Thus, in my opinion, the shortness of a triennial sitting would have the following ill effects:-It would make the member more shamelessly and shockingly corrupt, it would increase his dependence on those who could best support him at his election, it would wrack and tear to pieces the fortunes of those, who stood upon their own fortunes and their private interest; it would make the electors infinitely more venal, and it would make the whole body of the people, who are, whether they have votes or not, concerned in elections, more lawless, more idle, more debauched; it would utterly destroy the sobriety, the industry, the integrity, the simplicity of all the people, and undermine, I am much afraid, the deepest and best laid foundations of the commonwealth.
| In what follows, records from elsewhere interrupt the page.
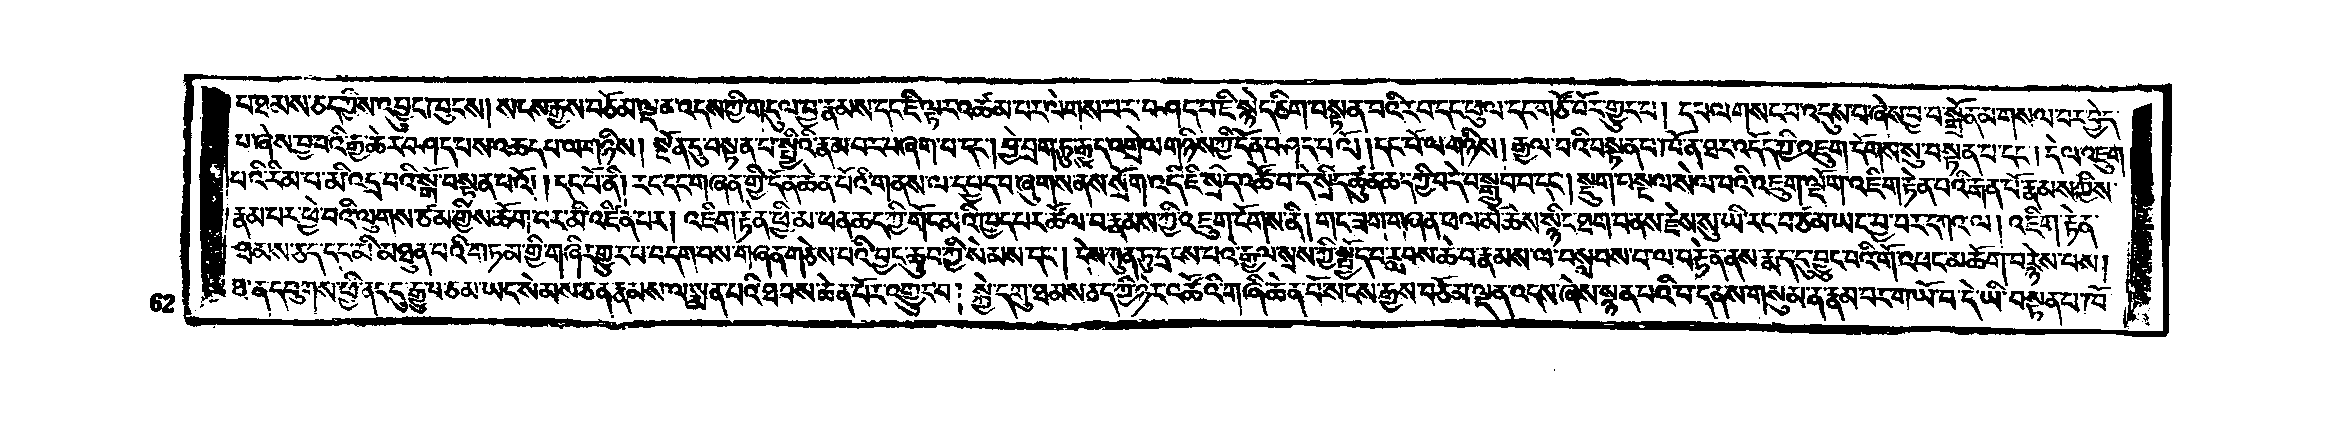པ་ཐམས་ཅད་ཀྱིས་འབྱུང་ཁུངས། སངས་རྒྱས་བཅོམ་ལྡན་འདས་ཀྱི་གདུལ་བྱ་རྣམས་དང་ཇི་ལྟར་འཚམ་པར་ལེགས་པར་བཤད་པ་ཇི་སྙེད་ཅིག་བསྟན་པའི་རབ་དང་ཕུལ་དང་གཙོ་བོར་གྱུར་པ། དཔལ་གསང་བ་འདུས་པ་ཞེས་བྱ་བ་སྒྲོན་མ་གསལ་བར་བྱེད་
པ་ཞེས་བྱ་བའི་རྒྱ་ཆེར་བཤད་པས་འཆད་པ་ལ་གཉིས། སྔོན་དུ་བསྟན་པ་སྤྱིའི་རྣམ་པར་བཞག་པ་དང་། བྱེ་བྲག་ཏུ་རྒྱུད་འགྲེལ་གཉིས་ཀྱི་དོན་བཤད་པའོ། །དང་པོ་ལ་གཉིས། རྒྱལ་བའི་བསྟན་པ་ཁོ་ན་ཐར་འདོད་ཀྱི་འཇུག་དོགས་སུ་བསྟན་པ་དང་། དེ་ལ་འཇུག་
པའི་རིམ་པ་མི་འདྲ་བའི་སྒོ་བསྟན་པའོ། །དང་པོ་ནི། རང་དང་གཞན་གྱི་དོན་ཆེན་པོའི་གནས་ལ་དཔྱད་པ་ཞུགས་ནས་སྲོག་འདི་ཇི་སྲིད་འཚོ་བ་དེ་སྲིད་ཚུན་ཆད་ཀྱི་བདེ་བ་སྒྲུབ་པ་དང་། སྡུག་བསྔལ་སེལ་བའི་འཇུག་ལྡོག་འཇིག་རྟེན་པའི་རྒན་པོ་རྣམས་ཀྱིས་
རྣམ་པར་ཕྱེ་བའི་ལུགས་ཙམ་གྱིས་ཆོག་པར་མི་འཛིན་པར། འཇིག་རྟེན་ཕྱི་མ་ཕན་ཆད་ཀྱི་གོང་མའི་ཁྱད་པར་ཚོལ་བ་རྣམས་ཀྱི་འཇུག་ངོགས་ནི། གང་ཟག་གཞན་ཕལ་མོ་ཆེས་སྙིང་ཐག་པ་ནས་རྗེས་སུ་ཡི་རང་བ་ཙམ་ཡང་བྱ་བར་དཀའ་ལ། འཇིག་རྟེན་
ཐམས་ཅད་དང་མི་མཐུན་པའི་གཏམ་གྱི་གཞིར་གྱུར་པ་བདག་པས་གཞན་གཅེས་པའི་བྱང་ཆུབ་ཀྱི་སེམས་དང་། དེས་ཀུན་ཏུ་དྲངས་པའི་རྒྱལ་སྲས་ཀྱི་སྤྱོད་པ་རླབས་ཆེ་བ་རྣམས་ལ་བསླབས་པ་ལ་བརྟེན་ནས་རྨད་དུ་བྱུང་བའི་གོ་འཕང་མཆོག་བརྙེས་པས།
ཐ་ན་དབུགས་ཕྱི་ནང་དུ་རྒྱུ་བ་ཙམ་ཡང་སེམས་ཅན་རྣམས་ལ་སྨན་པའི་ཐབས་ཆེན་པོར་འགྱུར་བ། སྐྱེ་དགུ་ཐམས་ཅད་ཀྱི་ཉེར་འཚོའི་གཞི་ཆེན་པོ་སངས་རྒྱས་བཅོམ་ལྡན་འདས་ཞེས་སྙན་པའི་བ་དན་ས་གསུམ་ན་རྣམ་པར་གཡོ་བ་དེ་ཡི་བསྟན་པ་ཁོ་

Those who have spoken and written upon this subject without doors, do not so much deny the probable existence of these inconveniences in their measure, as they trust for the prevention to remedies of various sorts, which they propose. First, a place bill, but if this will not do, as they fear it will not, then they say we will have a rotation, and a certain number of you shall be rendered incapable

of being elected for ten years. Then for the electors, they shall ballot; the members of parliament also shall decide by ballot, and a fifth project is the change of the present legal representation of the kingdom. On all this I shall observe, that it will be very unsuitable to your wisdom to adopt the project of a bill, to which there are objections, insuperable by anything in the bill itself, upon the hope that those objections may be removed by subsequent projects; every one of which is full of difficulties of its own, and which are all of them very essential alterations in the constitution. This seems very irregular and unusual. If anything should make this a very doubtful measure, what can make it more so than that, in the opinion of its advocates, it would aggravate all our old inconveniences in such a manner as to require a total alteration in the constitution of the kingdom? If the remedies are proper in a triennial, they will not be less so in septennial elections; let us try them first, see how the house relishes them, see how they will operate in the nation; and then, having felt your way, you will be prepared against these inconveniences.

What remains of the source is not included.